If $(P,\leq)$ is a pre-odered set (that is, $\leq$ is a reflexive and transitive relation) and $x\in P$, we set $(\uparrow_{\leq} x) = \{p\in P: p\geq x\}$ and $(\downarrow_{\leq} x) = \{p\in P: p\leq x\}$.

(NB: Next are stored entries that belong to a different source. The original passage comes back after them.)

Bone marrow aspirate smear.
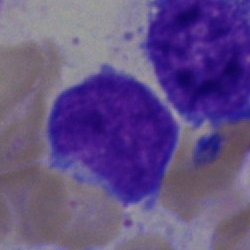
Classification: undifferentiated blast.
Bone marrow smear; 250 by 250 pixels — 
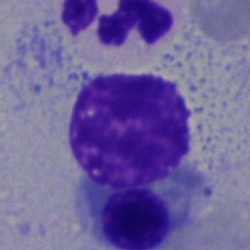Morphology — cell of indeterminate lineage.
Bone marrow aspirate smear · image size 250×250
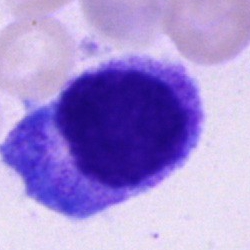 Specimen: bone marrow smear.
Morphological class: progranulocyte.
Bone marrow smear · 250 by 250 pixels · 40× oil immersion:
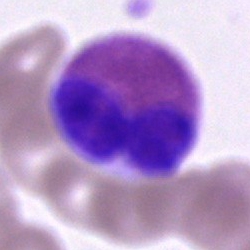
Q: What cell is this?
A: This is an eosinophil.
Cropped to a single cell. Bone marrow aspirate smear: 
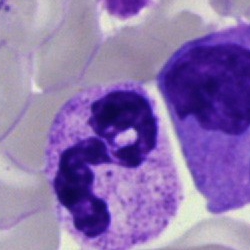
The morphological class is segmented neutrophil.
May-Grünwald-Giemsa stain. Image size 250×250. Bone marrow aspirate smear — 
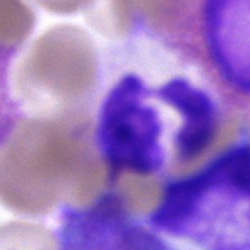

Morphological class — neutrophil (segmented).
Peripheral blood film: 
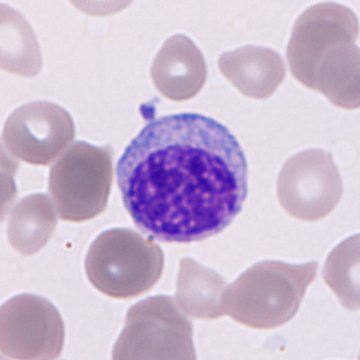
The cell is immature granulocyte.
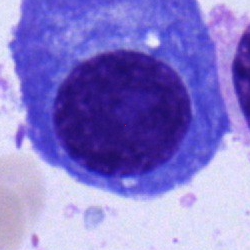 Classification = plasma cell.
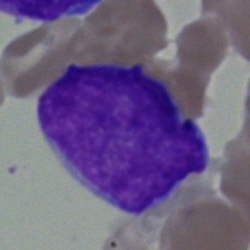 Q: What is the morphological classification of this cell?
A: Blast.
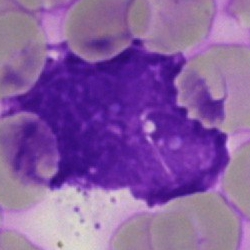
The morphological class is artefact.
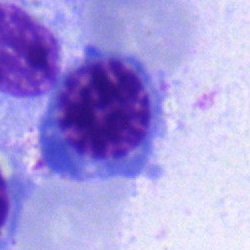
{"cell_type": "nucleated red cell", "lineage": "erythroid"}
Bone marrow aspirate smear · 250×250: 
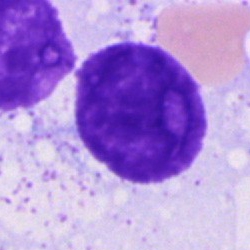
The morphological class is artifact.
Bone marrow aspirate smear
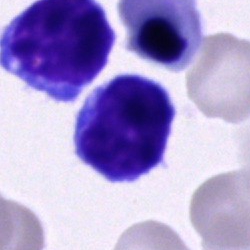 Impression → lymphocyte.
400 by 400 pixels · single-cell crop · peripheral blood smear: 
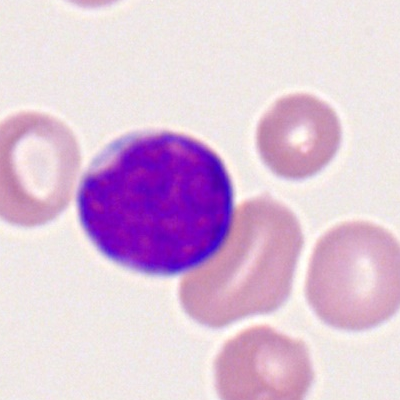
Morphology → myeloblast.
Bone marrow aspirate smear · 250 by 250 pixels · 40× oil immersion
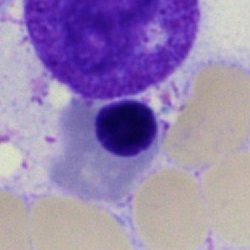
Classification — nucleated red cell.
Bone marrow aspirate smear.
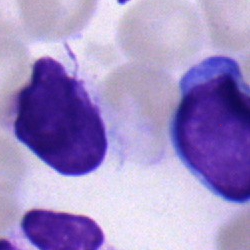
Q: What is shown here?
A: It is a typical lymphocyte.

Let $\text{NPU}(\omega)$ be the set of non-principal ultafilters on $\omega$. The *Rudin-Keisler preorder* on $\text{NPU}(\omega)$ is defined by
$${\cal U} \leq_{RK} {\cal V} :\Leftrightarrow (\exists f:\omega\to\omega)(\forall U\in{\cal U}) f^{-1}(U)\in {\cal V} .$$

The *Wallman topology* on $\text{NPU}(\omega)$ is defined as follows: For $A\subseteq \omega$ set $\Phi_A = \{{\cal U} \in \text{NPU}(\omega): A\in{\cal U}\}$. Then $${\frak S} = \big\{\text{NPU}(\omega) \setminus \Phi_A: A\subseteq \omega\big\}$$ is a subbasis for the Wallman topology on $\text{NPU}(\omega)$.

**Question.** Pick any ${\cal U}\in \text{NPU}(\omega)$. Are $(\downarrow_{\leq_{RK}} {\cal U})$ and $(\uparrow_{\leq_{RK}} {\cal U})$ closed in the Wallman topology on $\text{NPU}(\omega)$?

(Note. This would imply that the Wallman topology contains the interval topology of $(\text{NPU}(\omega), \leq_{RK})$.)